## Assignment
Transcribe, exactly and in full, every record shown below, while omitting its images.

Stored data entries:
⁂

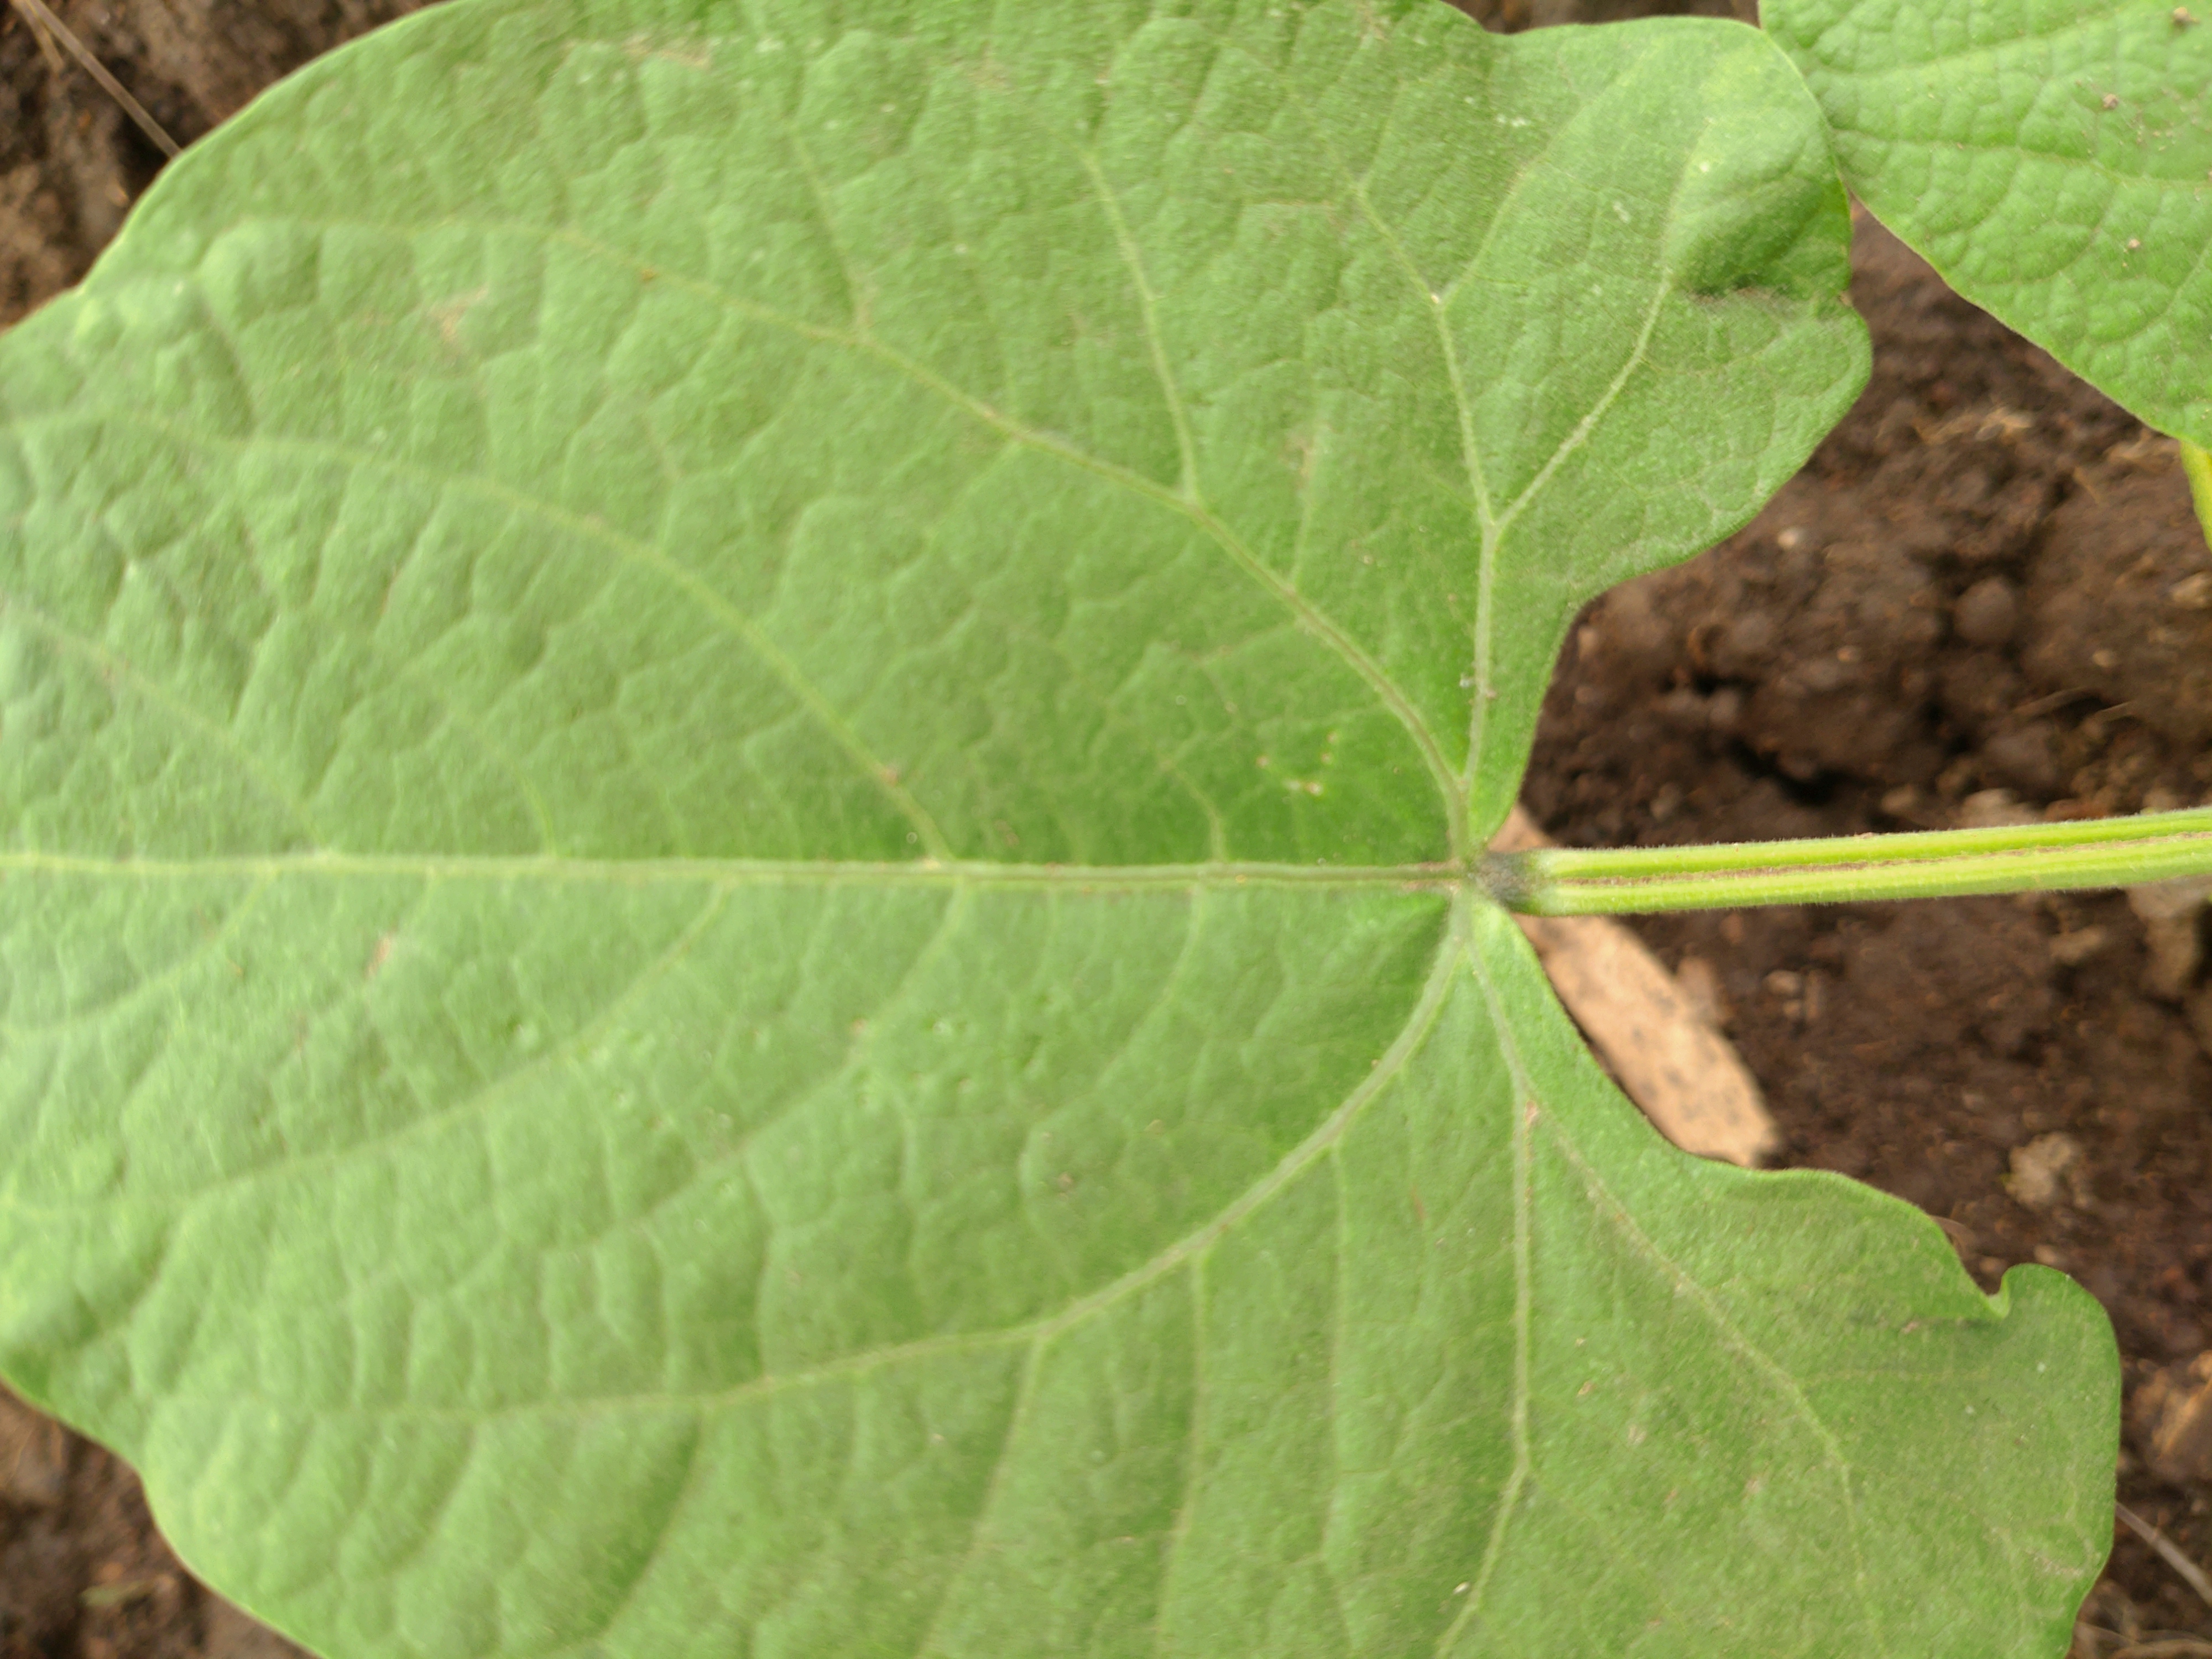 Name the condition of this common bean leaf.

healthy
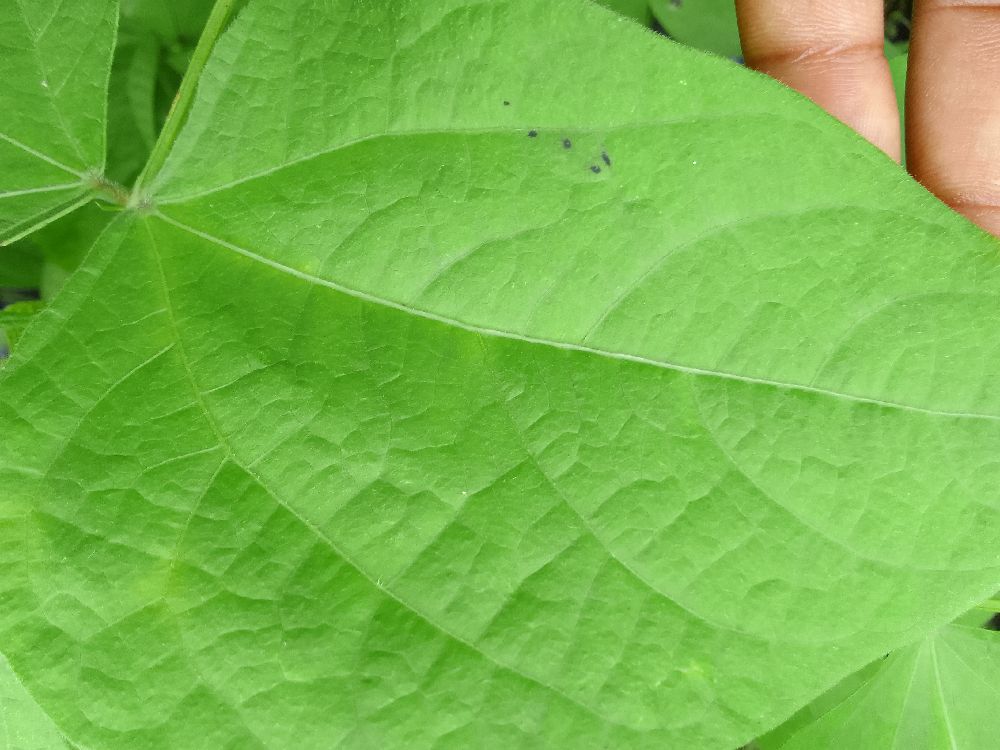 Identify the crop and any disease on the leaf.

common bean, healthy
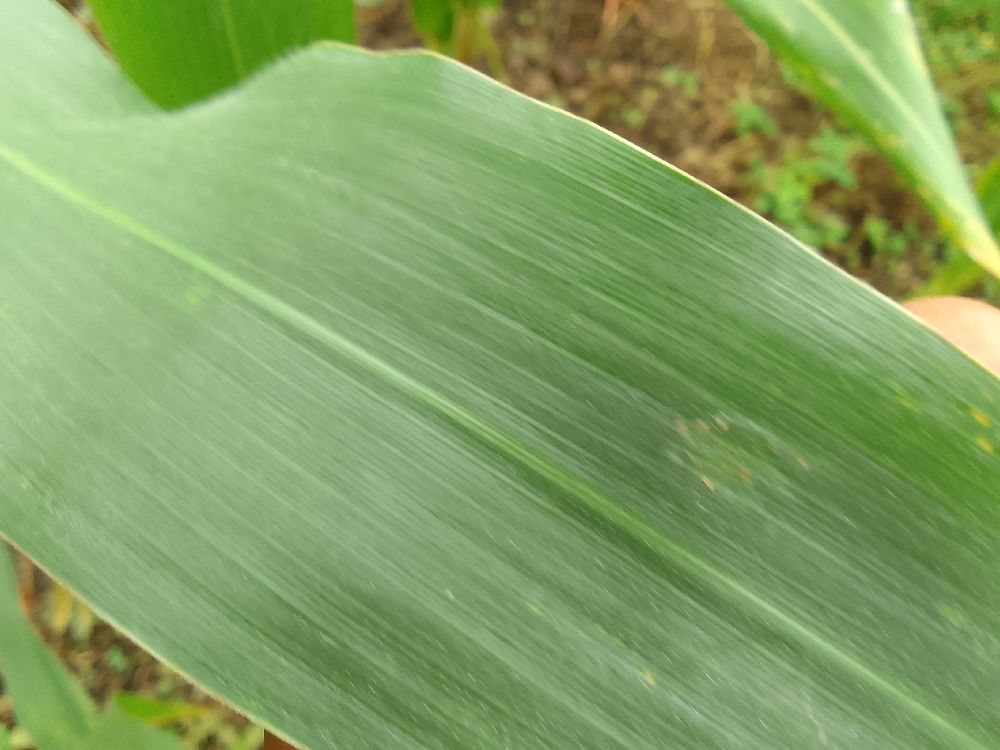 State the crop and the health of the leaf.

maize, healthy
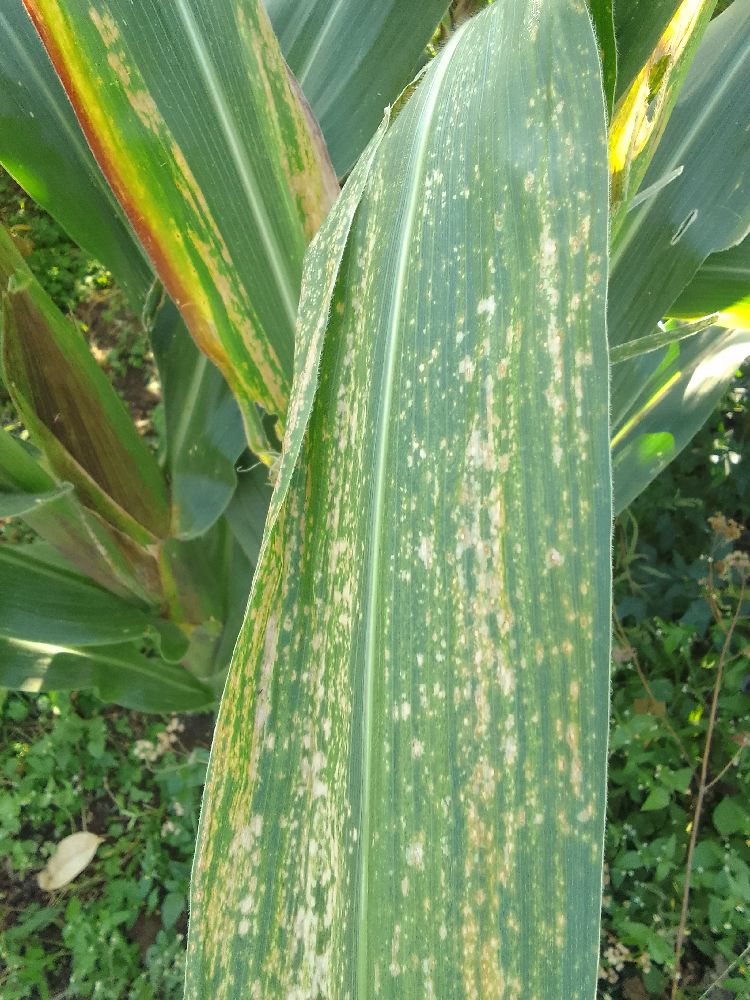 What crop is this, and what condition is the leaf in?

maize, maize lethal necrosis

⁂

## Exercise result
 Name the condition of this common bean leaf.

healthy
 Identify the crop and any disease on the leaf.

common bean, healthy
 State the crop and the health of the leaf.

maize, healthy
 What crop is this, and what condition is the leaf in?

maize, maize lethal necrosis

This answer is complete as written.